Armada 2019 : le dispositif sécuritaire exceptionnel a été une réussite

Rouen : une patrouille de la police nationale sur la Seine entre les deux quais de l'Armada le mardi 11 juin 2019 / © France 3 Normandie / Image extraite de la vidéo du JRI Olivier Flavien
Rouen : une patrouille de la police nationale sur la Seine entre les deux quais de l'Armada le mardi 11 juin 2019 / © France 3 Normandie / Image extraite de la vidéo du JRI Olivier Flavien

Après 10 jours de festivités sur les quais, l'heure est au bilan pour les autorités. Aucun incident grave n'est a déplorer.

Par Maxime Fourrier

L'édition 2019 de l'Armada de Rouen semble avoir été celle de tous les records. Pour le moment, on ne connait pas encore le nombre de visiteurs sur les quais de Seine. Mais pour les autorités, il se compte en millions. 
Pour l'occasion, un dispositif de sécurité exceptionnel a été mis en place. Pour la première fois cette année, huit kilomètres de barrières ont été installées autour de l'Armada et un système de filtrage a régulé l'entrée des personnes. Le ministère de l'Intérieur avait classé l'Armada comme un "grand évènement" déclenchant ainsi des moyens considérable pour la protection du public.

L'évènement etait préparé depuis plus de dix-huit mois par 12 groupes de travail notamment pour le secours aux personnes, la sécurité ou la gestion de la Seine. - Pierre-André Durand, préfet de Normandie, préfet de Seine-Maritime

 

Un contexte terroriste

La cloture du périmètre avait été décidé dans "le contexte terroriste" dans le lequel se trouve actuellement le pays. Les autorités parlent d'une "préoccupation constante" pendant l'évènement. Après dix jours de festivités, la préfecture assure que le dispositif a plutôt bien fonctionné. Et malgré un nombre important d'agents de sécurité - plus de 300 - et des forces de l'ordre très présentes, l'Armada est restée un évènement serein, populaire et familiale. 

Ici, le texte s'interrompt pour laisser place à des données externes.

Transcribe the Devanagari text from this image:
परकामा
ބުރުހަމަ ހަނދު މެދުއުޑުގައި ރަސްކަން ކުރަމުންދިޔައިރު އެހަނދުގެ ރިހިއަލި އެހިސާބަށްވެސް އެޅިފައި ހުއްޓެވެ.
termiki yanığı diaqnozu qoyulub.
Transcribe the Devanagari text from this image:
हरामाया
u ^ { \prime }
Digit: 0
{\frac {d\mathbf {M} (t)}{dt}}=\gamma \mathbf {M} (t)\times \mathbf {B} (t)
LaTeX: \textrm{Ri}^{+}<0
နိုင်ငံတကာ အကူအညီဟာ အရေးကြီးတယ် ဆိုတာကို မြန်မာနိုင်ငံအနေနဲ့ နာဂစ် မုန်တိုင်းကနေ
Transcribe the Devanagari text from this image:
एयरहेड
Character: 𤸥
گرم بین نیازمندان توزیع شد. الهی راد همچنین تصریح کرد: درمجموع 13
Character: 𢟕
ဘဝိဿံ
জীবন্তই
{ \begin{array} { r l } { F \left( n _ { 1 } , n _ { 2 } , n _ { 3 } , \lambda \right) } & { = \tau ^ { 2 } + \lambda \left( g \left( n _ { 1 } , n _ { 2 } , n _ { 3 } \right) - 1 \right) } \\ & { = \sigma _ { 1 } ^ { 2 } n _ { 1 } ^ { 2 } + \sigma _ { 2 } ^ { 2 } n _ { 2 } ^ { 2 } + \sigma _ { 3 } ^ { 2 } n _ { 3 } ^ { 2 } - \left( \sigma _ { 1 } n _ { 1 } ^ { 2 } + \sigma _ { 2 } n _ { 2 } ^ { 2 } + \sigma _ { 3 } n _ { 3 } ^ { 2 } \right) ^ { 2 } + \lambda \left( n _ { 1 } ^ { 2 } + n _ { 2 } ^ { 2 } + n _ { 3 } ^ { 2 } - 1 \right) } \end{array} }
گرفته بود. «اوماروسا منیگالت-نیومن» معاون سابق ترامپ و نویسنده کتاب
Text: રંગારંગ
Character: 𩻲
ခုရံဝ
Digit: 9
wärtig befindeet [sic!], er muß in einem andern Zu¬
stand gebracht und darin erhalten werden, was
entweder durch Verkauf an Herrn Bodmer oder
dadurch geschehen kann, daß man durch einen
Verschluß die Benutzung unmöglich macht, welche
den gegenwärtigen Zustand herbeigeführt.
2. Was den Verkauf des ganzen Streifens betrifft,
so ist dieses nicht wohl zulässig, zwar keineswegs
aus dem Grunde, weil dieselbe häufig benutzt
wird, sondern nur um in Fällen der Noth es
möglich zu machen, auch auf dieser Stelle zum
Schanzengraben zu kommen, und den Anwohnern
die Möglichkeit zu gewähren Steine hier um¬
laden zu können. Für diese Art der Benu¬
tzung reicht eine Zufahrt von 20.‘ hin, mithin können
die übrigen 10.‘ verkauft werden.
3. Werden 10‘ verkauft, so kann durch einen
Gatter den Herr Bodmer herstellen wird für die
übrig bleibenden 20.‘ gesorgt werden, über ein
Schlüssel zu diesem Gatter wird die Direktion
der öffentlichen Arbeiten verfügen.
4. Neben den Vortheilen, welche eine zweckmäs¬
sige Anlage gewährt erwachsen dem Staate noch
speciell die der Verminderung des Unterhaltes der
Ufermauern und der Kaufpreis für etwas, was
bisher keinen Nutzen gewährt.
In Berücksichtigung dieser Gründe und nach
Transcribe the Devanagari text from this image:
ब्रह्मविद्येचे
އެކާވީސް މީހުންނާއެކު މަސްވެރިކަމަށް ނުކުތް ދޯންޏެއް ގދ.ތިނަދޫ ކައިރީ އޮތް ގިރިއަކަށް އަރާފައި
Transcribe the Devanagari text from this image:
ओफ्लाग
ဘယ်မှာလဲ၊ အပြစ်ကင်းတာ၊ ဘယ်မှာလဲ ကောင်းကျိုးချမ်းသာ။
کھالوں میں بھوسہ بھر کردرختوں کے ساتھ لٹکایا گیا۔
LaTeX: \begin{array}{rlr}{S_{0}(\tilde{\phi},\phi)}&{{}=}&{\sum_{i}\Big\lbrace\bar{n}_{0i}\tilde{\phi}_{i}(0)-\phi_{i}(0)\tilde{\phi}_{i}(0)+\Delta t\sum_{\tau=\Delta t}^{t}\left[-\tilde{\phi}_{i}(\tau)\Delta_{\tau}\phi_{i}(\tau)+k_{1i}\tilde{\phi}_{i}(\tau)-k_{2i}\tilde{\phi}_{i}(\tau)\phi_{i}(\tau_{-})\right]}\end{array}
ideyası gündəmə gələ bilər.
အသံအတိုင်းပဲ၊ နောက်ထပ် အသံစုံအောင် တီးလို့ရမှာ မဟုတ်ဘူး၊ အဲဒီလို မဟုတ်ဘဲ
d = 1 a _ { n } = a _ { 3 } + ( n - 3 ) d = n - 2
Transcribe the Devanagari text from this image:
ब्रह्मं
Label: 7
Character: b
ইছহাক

C'est un gros succès, des centaines de milliers de visiteurs se sont déplacées chaque jour. Samedi soir 'le 15 juin', plus de 50.000 personnes étaient présentes aux concerts sur la presqu'ile. - Pierre-André Durand, préfet de Normandie, préfet de Seine-Maritime

 


1,5 millions d'euros uniquement pour sécuriser le site

L'organisation de l'Armada avait recruté 300 agents de sécurité pour assurer les fouilles aux cinq entrées sur le site. De son côté, l'État a mobilisé plusieurs centaines de policiers, de gendarmes et de militaires de la force Sentinelle. Les services de la Préfecture n'ont pas souhaité donner plus de précisions sur le nombre des moyens humains mobilisés. Objectif : garder le dispositif secret pour la huitième édition de l'Armada. Enfin, en plus des caméras de la police nationale, 120 autres caméras avaient été installées uniquement pour l'évènement.
Entre le 6 juin et le 16 juin 2019, les forces de l'ordre ont procédé à cinq interpellations pour outrage, ivresse et une pour une agression sexuelle. Les cinq individus ont été placés en garde à vue et seront présentés à un juge. La police a également reçu 16 plaintes notamment pour vols et violences.

La Protection civile et la Croix-Rouge ont eux aussi veillé pendant 10 jours pour prendre en charge les victimes d'accidents graves ou bénins. Les 300 secouristes, 20 médecins du SAMU ont participé à 867 opérations de secours. Parmi elles, 100 ont nécessité une évacuation vers un centre hospitalier. Les services de secours sont intervenus à trois reprises pour des personnes en arrêt cardiaques. La préfecture déplore deux décès qui restent toutefois sans lien avec l'Armada. De son côté le SDIS a noté une augmentation de 25% des interventions dans l'agglomération de Rouen.
 
 

"Nous allons faire un retour d'expérience sur les quelques couacs"

Comme en 2013, la préfecture de Seine-Maritime va faire un bilan sécuritaire pour ne pas reproduire les mêmes erreurs lors de la prochaine édition. 

Nous avons une marge de progrès dans la fluidité des contrôles, reconnait Pierre-André Durand, préfet de Normandie, préfet de Seine-Maritime

Concernant le stand de vente de couteaux sur le site de l'Armada, la préfecture reconnait un couac qui a "vite été resolu". En réalité, le commercialisateur des stands n'aurait pas correctement vérifier les objets vendus sur celui-ci.